When you forget empitness is form, you are in danger of adopting a nihilistic point of view. Even if you don't have the error of thinking that "emptiness=nothing" or oblivion, you can still focus overly much on the notion of emptiness and arrive at conclusions about the nature and worth of things which can rightly be called a form of nihilism. This can result, the same as eternalism, from attachment to the ego. However, instead of believing that the ego last forever (eternalism), you believe that if you aren't "special" then nothing is, and so if you are no longer "essentially you/set apart", then you don't matter and therefore nothing matters. That is where I found the second half of the teaching to be useful.

To elaborate on that last point brings up an issue common to both Buddhism and secular humanism. It is precisely because each person is ephemeral and because there will never be another person like you, or me, that their life should be valued. For the Buddhist, though, it goes deeper than this. Each form is a distinct manifestation of our common root of being to be valued as a unique treasure. Obviously sentient beings are especially important because they have the capacity to suffer, and Buddhism is about using clarity to remove suffering, but each tree is also unique. Each sunset. Each star. Each dung beetle. This is how and why Buddhism can be so blunt about emptiness and impermanence, the birth of form and the death of form, and yet pronounce a view which generates boundless compassion and appreciation for all forms, whether they are deemed to be grand or common, fair or foul. And this can be captured in such a simple and elegant phrase: Form is emptiness, emptiness is form.

***Addendum***

A couple months after I wrote this I ran across a book on the Heart Sutra and took it home to read. I was delighted to come across the following passage:


One commentarial tradition--perhaps stemming from the Myingma master Ju Mipham--has a customary way of reading this passage of the Heart Sutra presenting the four approaches to understanding emptiness. According to this reading, the first statement, "form is emptiness," presents the emptiness of the phenomenal world, thereby countering the extreme of existential absolutism, the mistaken belief that all phenomena have absolute reality. The second statement, "emptiness is form," presents emptiness as arising as dependent origination, thereby countering the extreme of nihlism, the mistaken belief that nothing exists. The third statement, "Emptiness is not other than form," presents the union of emptiness and dependent origination, countering both extremes, nihilism and existential absolutism, at once. The fourth statement, "form too is not other than emptiness," indicates that appearance and emptiness are not incompatible, abiding instead in a state of total unanimity. Thus, these four aspects are understood as presenting total transcendence of all conceptual elaboration.

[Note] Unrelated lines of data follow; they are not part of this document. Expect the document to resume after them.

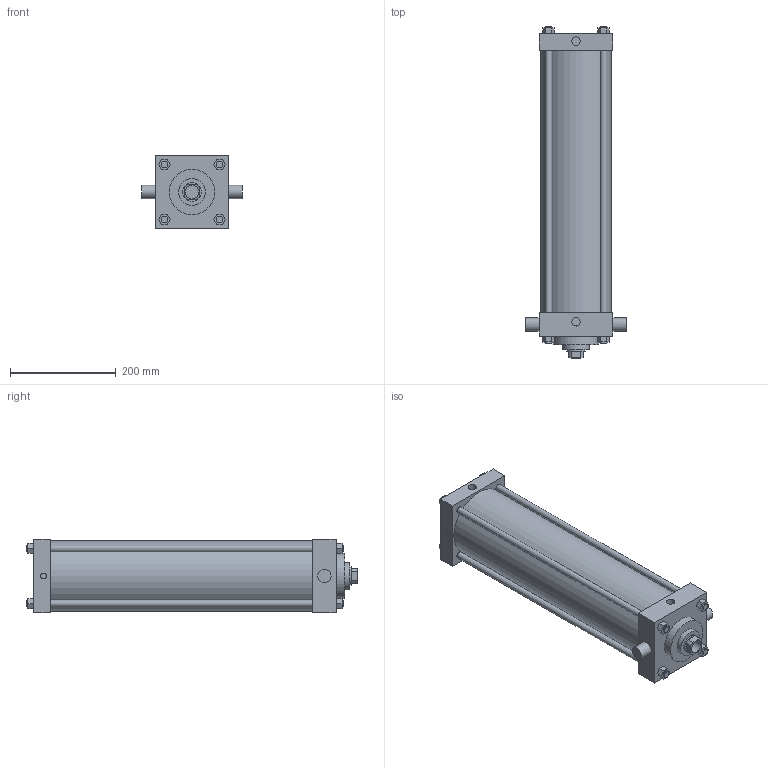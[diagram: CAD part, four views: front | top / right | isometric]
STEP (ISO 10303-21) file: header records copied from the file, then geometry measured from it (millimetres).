
FILE_DESCRIPTION((' Parasolid data model '),'2;1');
FILE_NAME('GSSL','1999-12-15T14:50:56+00:00',(' GSSL '),(' GSSL Pune '),'','GSSL Pune','Author');
FILE_SCHEMA(('CONFIG_CONTROL_DESIGN'));
Length unit declared in the file: millimetre
Bounding box: 190.5 x 627.06 x 139.7 mm (x, y, z)
Surface area: 401101.9 mm2 (no closed solid volume)
Topology: 0 solids, 9 shells, 122 faces, 317 edges, 228 vertices
Faces by surface type: plane 93, cylinder 29
Full cylindrical faces by diameter (mm): 11.113 x4, 12.7 x12, 15.926 x2, 25.4 x3, 34.925 x1, 50.8 x1, 85.725 x1, 133.35 x1
Entity records: 3984 total; most frequent: CARTESIAN_POINT 712, DIRECTION 628, ORIENTED_EDGE 537, EDGE_CURVE 330, LINE 272, VECTOR 272, VERTEX_POINT 262, EDGE_LOOP 198

The Path and Fruition (Lamdre) tradition of the Sakya school of Tibetan Buddhism presents a similar fourfold approach to understanding emptiness: (i) appearance is established as empty; (ii) emptiness is affirmed as dependent origination; (iii) emptiness and appearance are affirmed as a unity; and (iv) this unity is affirmed as transcending all linguistic expression and conceptual thought.

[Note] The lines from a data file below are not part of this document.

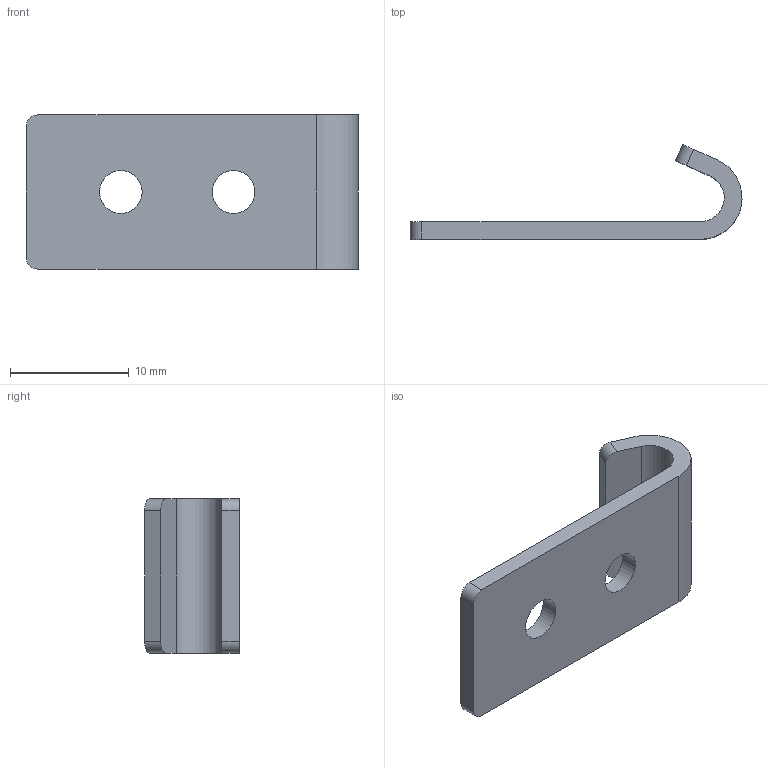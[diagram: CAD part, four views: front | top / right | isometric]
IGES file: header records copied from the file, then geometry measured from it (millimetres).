
Start section: Data from Parasolid IGES Translator 20.0.26, Copyright(c) 2006 Siemens P LM Software. All Rights Reserved.
Global section: file name: K0044.9136281.igs; native system: By Siemens PLM Incorporated; preprocessor: XPlus GENERIC/IGES 20.0.26; author: Noname; organization: Noname; date: 20190529.145614; units: millimetre
Bounding box: 28 x 8 x 13 mm (x, y, z)
Surface area: 1048.4 mm2 (no closed solid volume)
Topology: 0 solids, 0 shells, 16 faces, 84 edges, 80 vertices
Faces by surface type: extrusion 8, revolution 8

Normally, emptiness is said to be an antidote to the appearance of intrinsic existence, but this fourfold approach indicates that, if one's understanding is sufficiently deep, one will be able to use the truth of emptiness to counter nihilistic views, and use the affirmation of the world of appearance as a way to overcome absolutism. This reverse way of transcending the two extremes is a unique feature of the Prasangika Madhyamaka School.

The Essence of the Heart Sutra, by Tenzin Gyatso the Fourteenth Dalai Lama, Wisdom Publications, 2002 (pp. 119-120)

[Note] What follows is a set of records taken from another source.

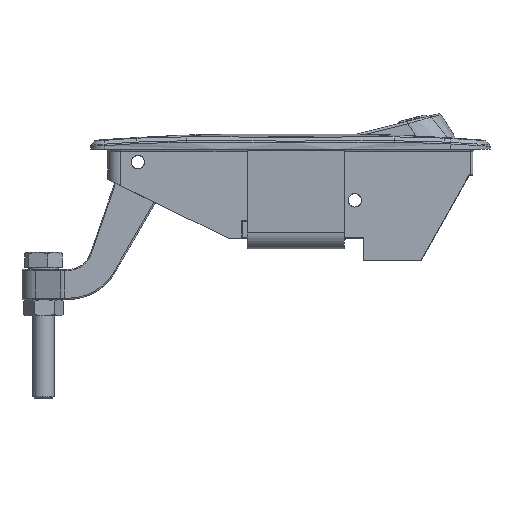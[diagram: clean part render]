
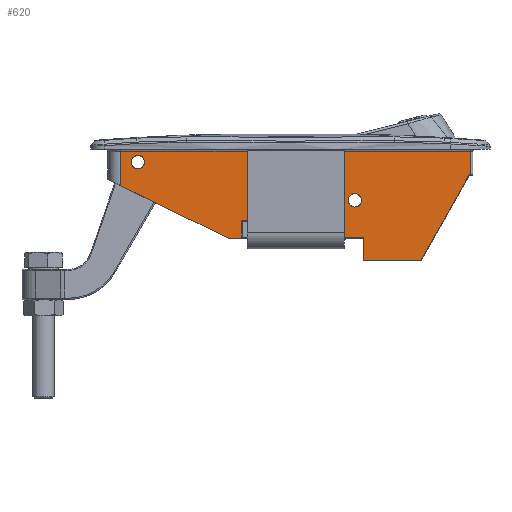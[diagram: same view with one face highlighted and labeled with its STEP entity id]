
A CAD part, front view. The second image highlights one B-rep face of the part: STEP entity #620.
In plain terms, the highlighted planar face has unit normal (0, -1, -0.006).
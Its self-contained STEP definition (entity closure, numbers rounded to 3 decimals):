
#620=ADVANCED_FACE('',(#1869,#1870,#1871),#1872,.T.);
#1869=FACE_OUTER_BOUND('',#10065,.T.);
#1870=FACE_BOUND('',#10066,.T.);
#1871=FACE_BOUND('',#10067,.T.);
#1872=PLANE('',#10068);
#10065=EDGE_LOOP('',(#19920,#19921,#19922,#19923,#19924,#19925,#19926,#19927,#19928,#19929,#19930,#19931,#19932,#19933,#19934,#19935,#19936));
#10066=EDGE_LOOP('',(#19937));
#10067=EDGE_LOOP('',(#19938));
#10068=AXIS2_PLACEMENT_3D('',#19939,#19940,#19941);
#19920=ORIENTED_EDGE('',*,*,#25230,.T.);
#19921=ORIENTED_EDGE('',*,*,#25231,.T.);
#19922=ORIENTED_EDGE('',*,*,#24762,.F.);
#19923=ORIENTED_EDGE('',*,*,#25232,.T.);
#19924=ORIENTED_EDGE('',*,*,#25200,.T.);
#19925=ORIENTED_EDGE('',*,*,#25164,.T.);
#19926=ORIENTED_EDGE('',*,*,#24887,.T.);
#19927=ORIENTED_EDGE('',*,*,#25165,.T.);
#19928=ORIENTED_EDGE('',*,*,#25229,.T.);
#19929=ORIENTED_EDGE('',*,*,#25233,.T.);
#19930=ORIENTED_EDGE('',*,*,#24869,.T.);
#19931=ORIENTED_EDGE('',*,*,#25227,.T.);
#19932=ORIENTED_EDGE('',*,*,#25214,.T.);
#19933=ORIENTED_EDGE('',*,*,#24896,.T.);
#19934=ORIENTED_EDGE('',*,*,#24892,.F.);
#19935=ORIENTED_EDGE('',*,*,#25234,.T.);
#19936=ORIENTED_EDGE('',*,*,#24900,.F.);
#19937=ORIENTED_EDGE('',*,*,#25235,.F.);
#19938=ORIENTED_EDGE('',*,*,#25236,.F.);
#19939=CARTESIAN_POINT('',(-64.982,-12.969,142.037));
#19940=DIRECTION('',(0.0,-1.,-0.006));
#19941=DIRECTION('',(0.0,0.006,-1.));
#24762=EDGE_CURVE('',#27068,#27069,#27070,.T.);
#24869=EDGE_CURVE('',#27248,#27249,#27250,.T.);
#24887=EDGE_CURVE('',#27281,#27279,#27282,.F.);
#24892=EDGE_CURVE('',#27288,#27284,#27290,.T.);
#24896=EDGE_CURVE('',#27294,#27284,#27296,.F.);
#24900=EDGE_CURVE('',#27302,#27303,#27304,.T.);
#25164=EDGE_CURVE('',#27694,#27281,#27697,.T.);
#25165=EDGE_CURVE('',#27279,#26928,#27698,.T.);
#25200=EDGE_CURVE('',#27741,#27694,#27742,.T.);
#25214=EDGE_CURVE('',#27761,#27294,#27762,.T.);
#25227=EDGE_CURVE('',#27249,#27761,#27780,.T.);
#25229=EDGE_CURVE('',#26928,#27266,#27782,.T.);
#25230=EDGE_CURVE('',#27302,#27783,#27784,.F.);
#25231=EDGE_CURVE('',#27783,#27069,#27785,.T.);
#25232=EDGE_CURVE('',#27068,#27741,#27786,.T.);
#25233=EDGE_CURVE('',#27266,#27248,#27787,.T.);
#25234=EDGE_CURVE('',#27288,#27303,#27788,.F.);
#25235=EDGE_CURVE('',#27789,#27789,#27790,.T.);
#25236=EDGE_CURVE('',#27791,#27791,#27792,.T.);
#26928=VERTEX_POINT('',#30608);
#27068=VERTEX_POINT('',#30808);
#27069=VERTEX_POINT('',#30809);
#27070=ELLIPSE('',#30810,0.2,0.2);
#27248=VERTEX_POINT('',#31169);
#27249=VERTEX_POINT('',#31170);
#27250=LINE('',#31171,#31172);
#27266=VERTEX_POINT('',#31189);
#27279=VERTEX_POINT('',#31205);
#27281=VERTEX_POINT('',#31207);
#27282=ELLIPSE('',#31208,0.6,0.6);
#27284=VERTEX_POINT('',#31210);
#27288=VERTEX_POINT('',#31214);
#27290=ELLIPSE('',#31216,0.2,0.2);
#27294=VERTEX_POINT('',#31221);
#27296=LINE('',#31223,#31224);
#27302=VERTEX_POINT('',#31232);
#27303=VERTEX_POINT('',#31233);
#27304=ELLIPSE('',#31234,0.2,0.2);
#27694=VERTEX_POINT('',#32350);
#27697=LINE('',#32354,#32355);
#27698=LINE('',#32356,#32357);
#27741=VERTEX_POINT('',#32459);
#27742=LINE('',#32460,#32461);
#27761=VERTEX_POINT('',#32554);
#27762=LINE('',#32555,#32556);
#27780=LINE('',#32584,#32585);
#27782=LINE('',#32587,#32588);
#27783=VERTEX_POINT('',#32589);
#27784=LINE('',#32590,#32591);
#27785=LINE('',#32592,#32593);
#27786=LINE('',#32594,#32595);
#27787=LINE('',#32596,#32597);
#27788=LINE('',#32598,#32599);
#27789=VERTEX_POINT('',#32600);
#27790=ELLIPSE('',#32601,1.55,1.55);
#27791=VERTEX_POINT('',#32602);
#27792=ELLIPSE('',#32603,1.55,1.55);
#30608=CARTESIAN_POINT('',(42.0,-12.116,-5.901));
#30808=CARTESIAN_POINT('',(17.1,-12.03,-20.801));
#30809=CARTESIAN_POINT('',(16.9,-12.031,-20.601));
#30810=AXIS2_PLACEMENT_3D('',#36703,#36704,#36705);
#31169=CARTESIAN_POINT('',(-39.5,-12.147,-0.497));
#31170=CARTESIAN_POINT('',(-39.5,-12.101,-8.468));
#31171=CARTESIAN_POINT('',(-39.5,-12.11,-7.0));
#31172=VECTOR('',#36864,1.0);
#31189=CARTESIAN_POINT('',(42.0,-12.147,-0.497));
#31205=CARTESIAN_POINT('',(41.993,-12.116,-5.901));
#31207=CARTESIAN_POINT('',(41.47,-12.114,-6.207));
#31208=AXIS2_PLACEMENT_3D('',#36908,#36909,#36910);
#31210=CARTESIAN_POINT('',(-11.45,-12.053,-16.801));
#31214=CARTESIAN_POINT('',(-11.25,-12.054,-16.601));
#31216=AXIS2_PLACEMENT_3D('',#36923,#36924,#36925);
#31221=CARTESIAN_POINT('',(-11.45,-12.031,-20.7));
#31223=CARTESIAN_POINT('',(-11.45,-12.054,-16.7));
#31224=VECTOR('',#36933,1.0);
#31232=CARTESIAN_POINT('',(-6.188,-12.053,-16.732));
#31233=CARTESIAN_POINT('',(-6.376,-12.054,-16.601));
#31234=AXIS2_PLACEMENT_3D('',#36939,#36940,#36941);
#32350=CARTESIAN_POINT('',(30.386,-12.0,-26.0));
#32354=CARTESIAN_POINT('',(79.255,-12.503,61.267));
#32355=VECTOR('',#37279,1.0);
#32356=CARTESIAN_POINT('',(-64.982,-12.116,-5.901));
#32357=VECTOR('',#37280,1.0);
#32459=CARTESIAN_POINT('',(17.1,-12.0,-26.0));
#32460=CARTESIAN_POINT('',(17.0,-12.0,-26.0));
#32461=VECTOR('',#37318,1.0);
#32554=CARTESIAN_POINT('',(-14.5,-12.031,-20.7));
#32555=CARTESIAN_POINT('',(-14.5,-12.031,-20.7));
#32556=VECTOR('',#37329,1.0);
#32584=CARTESIAN_POINT('',(-42.5,-12.11,-7.));
#32585=VECTOR('',#37346,1.0);
#32587=CARTESIAN_POINT('',(42.0,-12.15,0.));
#32588=VECTOR('',#37350,1.0);
#32589=CARTESIAN_POINT('',(-4.78,-12.031,-20.601));
#32590=CARTESIAN_POINT('',(-4.756,-12.031,-20.666));
#32591=VECTOR('',#37351,1.0);
#32592=CARTESIAN_POINT('',(17.0,-12.031,-20.601));
#32593=VECTOR('',#37352,1.0);
#32594=CARTESIAN_POINT('',(17.1,-12.0,-26.0));
#32595=VECTOR('',#37353,1.0);
#32596=CARTESIAN_POINT('',(-64.982,-12.147,-0.497));
#32597=VECTOR('',#37354,1.0);
#32598=CARTESIAN_POINT('',(-6.306,-12.054,-16.601));
#32599=VECTOR('',#37355,1.0);
#32600=CARTESIAN_POINT('',(15.0,-12.09,-10.35));
#32601=AXIS2_PLACEMENT_3D('',#37356,#37357,#37358);
#32602=CARTESIAN_POINT('',(-35.5,-12.142,-1.45));
#32603=AXIS2_PLACEMENT_3D('',#37359,#37360,#37361);
#36703=CARTESIAN_POINT('',(16.9,-12.03,-20.801));
#36704=DIRECTION('',(0.0,-1.,-0.006));
#36705=DIRECTION('',(0.0,-0.006,1.));
#36864=DIRECTION('',(0.,0.006,-1.));
#36908=CARTESIAN_POINT('',(41.993,-12.112,-6.501));
#36909=DIRECTION('',(0.0,-1.,-0.006));
#36910=DIRECTION('',(0.0,-0.006,1.));
#36923=CARTESIAN_POINT('',(-11.25,-12.053,-16.801));
#36924=DIRECTION('',(0.0,-1.,-0.006));
#36925=DIRECTION('',(0.,0.006,-1.));
#36933=DIRECTION('',(0.,0.006,-1.));
#36939=CARTESIAN_POINT('',(-6.376,-12.053,-16.801));
#36940=DIRECTION('',(0.0,-1.,-0.006));
#36941=DIRECTION('',(0.,-0.006,1.));
#37279=DIRECTION('',(0.489,-0.005,0.872));
#37280=DIRECTION('',(1.0,0.0,0.0));
#37318=DIRECTION('',(1.0,0.,0.));
#37329=DIRECTION('',(1.0,0.,0.));
#37346=DIRECTION('',(0.898,0.003,-0.439));
#37350=DIRECTION('',(0.,-0.006,1.));
#37351=DIRECTION('',(-0.342,-0.005,0.94));
#37352=DIRECTION('',(1.0,0.,0.));
#37353=DIRECTION('',(0.,0.006,-1.));
#37354=DIRECTION('',(-1.0,0.0,0.0));
#37355=DIRECTION('',(-1.0,0.0,0.0));
#37356=CARTESIAN_POINT('',(15.0,-12.081,-11.9));
#37357=DIRECTION('',(0.0,-1.,-0.006));
#37358=DIRECTION('',(0.0,-0.006,1.));
#37359=CARTESIAN_POINT('',(-35.5,-12.133,-3.0));
#37360=DIRECTION('',(0.0,-1.,-0.006));
#37361=DIRECTION('',(0.0,-0.006,1.));

I was happy to read this, but not out of vanity. It's hard sometimes to know if an insight, however small, has merit. To see that others, much smarter and more spiritually advanced than myself, have had similar ideas is nice. Not because they said it therefore it must be true, but rather because it suggest that the insight is more likely to be a sign of genuine progress than wishful thinking propped up by vanity.

The entire Heart Sutra is a page or so long and very easy to read. What does the Heart Sutra say to you?